The LLM capability landscape moves on a 6-month cycle. The model that led on coding tasks in Q1 2024 was not the leader by Q3 2024. The model that led on long-document analysis in Q2 2024 was not the leader by Q4 2024. Organisations that built tightly coupled integrations with a specific model’s API — using model-specific features, fine-tuning on model-specific formats, building prompt templates that depend on model-specific behaviour — are significantly more expensive to migrate when the landscape changes than organisations that built against an abstraction layer.
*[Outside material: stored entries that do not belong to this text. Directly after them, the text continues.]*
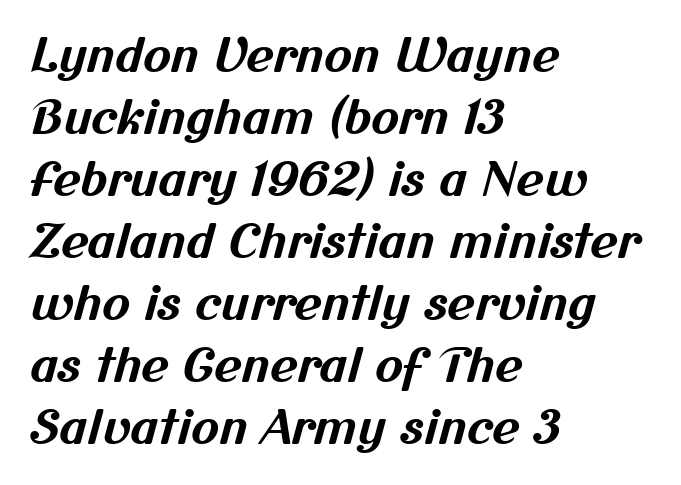
{"serif": "no", "bold": "yes", "weight": "bold", "width": "normal", "stroke_contrast": "medium", "x_height": "medium", "monospaced": "no", "underline": "no", "align": "left", "line_spacing": "normal", "line_spacing_ratio": 1.32, "letter_spacing": "normal", "letter_spacing_em": 0.0, "glyph_px": 47}
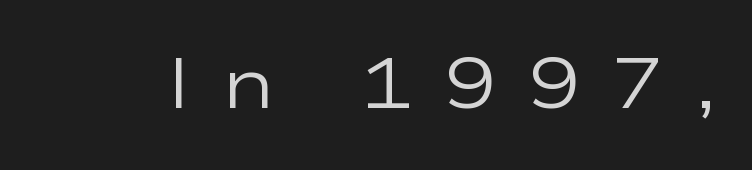
Just letters on the line, the space beneath them empty. Stems here are at most as thick as an everyday book face. There is plenty of visible air inserted between adjacent glyphs. Serif or sans? Sans — the stroke terminals are bare.
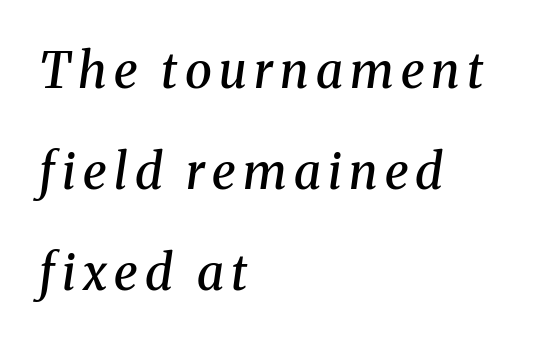
{"serif": "yes", "italic": "yes", "lean": "right", "slant_degrees": 8, "bold": "semi", "weight": "semibold", "width": "normal", "stroke_contrast": "medium", "x_height": "medium", "monospaced": "no", "underline": "no", "align": "left", "line_spacing": "loose", "line_spacing_ratio": 2.06, "glyph_px": 49}
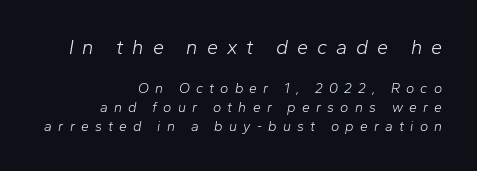
The image shows 20 px text type, italic (leaning right); set right-aligned, normal line spacing (1.38x), unusually wide letter spacing (+0.44 em), not underlined; the first (top) block is 1.43x larger.
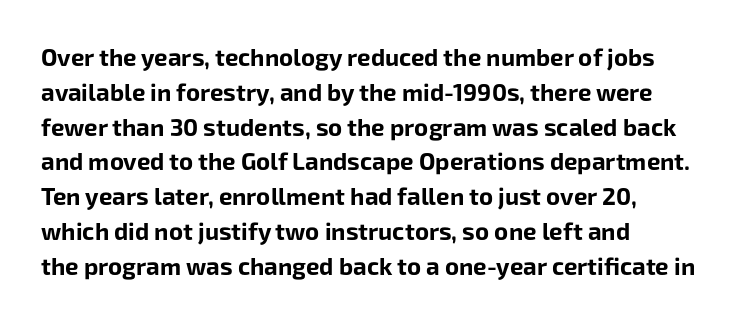
{"italic": "no", "bold": "yes", "underline": "no", "align": "left", "line_spacing": "normal", "line_spacing_ratio": 1.45, "letter_spacing": "normal", "letter_spacing_em": 0.0, "glyph_px": 24}
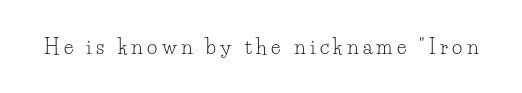
Q: Is the text bold? A: No.
Q: Is the text italic (slanted)? A: No, it is upright.
Q: Is the text underlined? A: No.
Q: Is the spacing between letters normal or unusually wide? A: Unusually wide.
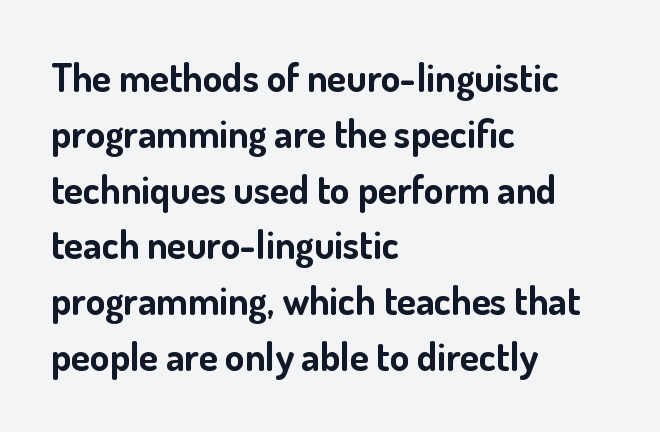
Q: Is the text bold? A: Yes.
Q: Is the text italic (slanted)? A: No, it is upright.
Q: Is the typeface a serif or a sans-serif typeface? A: Sans-serif.
Q: Is the text underlined? A: No.
Q: How is the paragraph aligned? A: Left-aligned.
Q: Is the spacing between letters normal or unusually wide? A: Normal.
Q: Is the spacing between lines tight, normal or loose? A: Normal.
Q: Width (condensed, normal, or wide)? A: Normal.
Q: Stroke contrast? A: Low.
Q: x-height? A: Small.
Q: Monospaced? A: No.
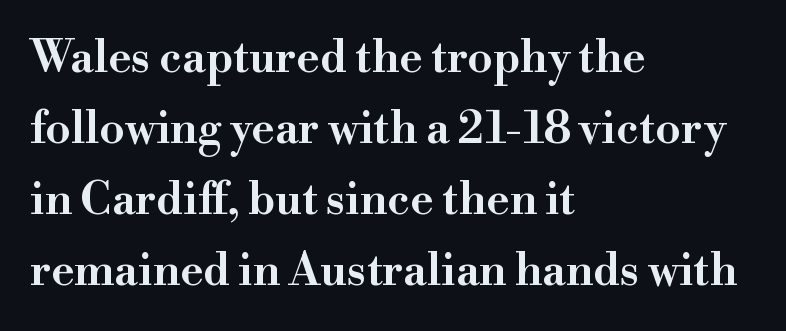
Students, this is semibold: more ink than regular, less than bold. The rendering uses natural spacing where letterforms have individual widths. The type is set solid horizontally, with unmodified tracking. Descender tails drop into unmarked territory. Vertically, the passage feels balanced, rows spaced as you'd expect. The letters stand upright; this is a roman face.
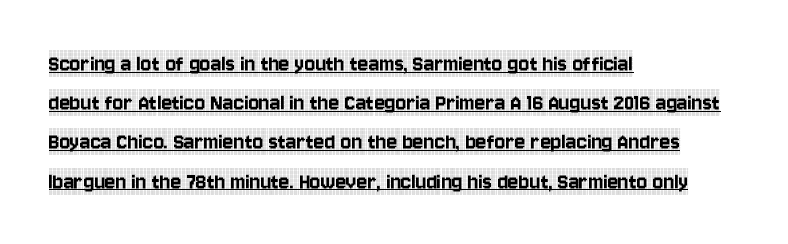
The image shows 25 px text type, upright; set left-aligned, normal line spacing (1.57x), normal letter spacing, underlined.
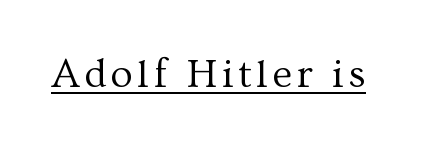
{"serif": "yes", "italic": "no", "bold": "no", "weight": "regular", "width": "normal", "stroke_contrast": "medium", "x_height": "medium", "monospaced": "no", "underline": "yes", "glyph_px": 41}
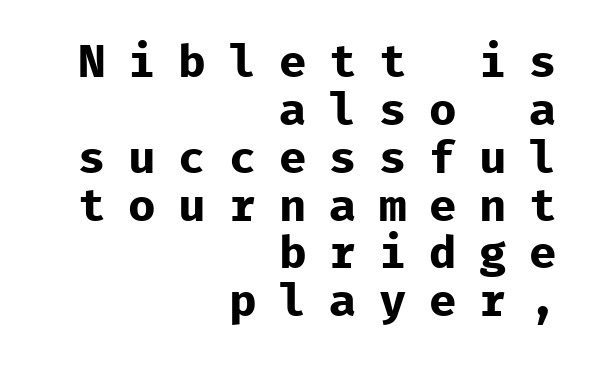
Q: Is the text bold? A: Yes.
Q: Is the text italic (slanted)? A: No, it is upright.
Q: Is the typeface a serif or a sans-serif typeface? A: Sans-serif.
Q: Is the text underlined? A: No.
Q: How is the paragraph aligned? A: Right-aligned.
Q: Is the spacing between letters normal or unusually wide? A: Unusually wide.
Q: Is the spacing between lines tight, normal or loose? A: Tight.
Q: Width (condensed, normal, or wide)? A: Normal.
Q: Stroke contrast? A: Low.
Q: x-height? A: Medium.
Q: Monospaced? A: Yes.
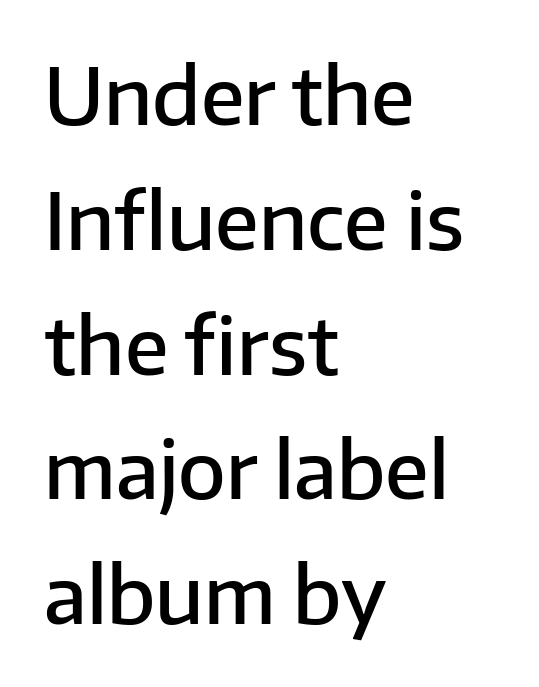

The migration cost was not zero when the decision to build tightly coupled was made; it was deferred and compounded.
What this looks like at migration time
A tightly coupled integration built against GPT-4 in 2023 required 4–6 months to migrate to a different frontier model in 2024 for several documented enterprise deployments, because: prompt templates depended on GPT-4-specific response formatting that other models did not replicate; fine-tuning had been conducted on OpenAI’s fine-tuning infrastructure with a format not portable to other platforms; monitoring and evaluation infrastructure was built against OpenAI’s API response structure. Total migration cost: typically 40–70% of the original implementation cost.
How to prevent it
Architecture designed with a model abstraction layer from the start: the application calls an interface, not a model. The interface routes to the current selected model. Swapping the model requires changing one configuration, not refactoring the application. Prompt templates written to be model-agnostic — testing across multiple models before finalisation, not optimised for a single model’s response characteristics. Fine-tuning avoided unless the capability gain over prompt engineering is demonstrated to be material on the production task — because fine-tuned models are the hardest to migrate.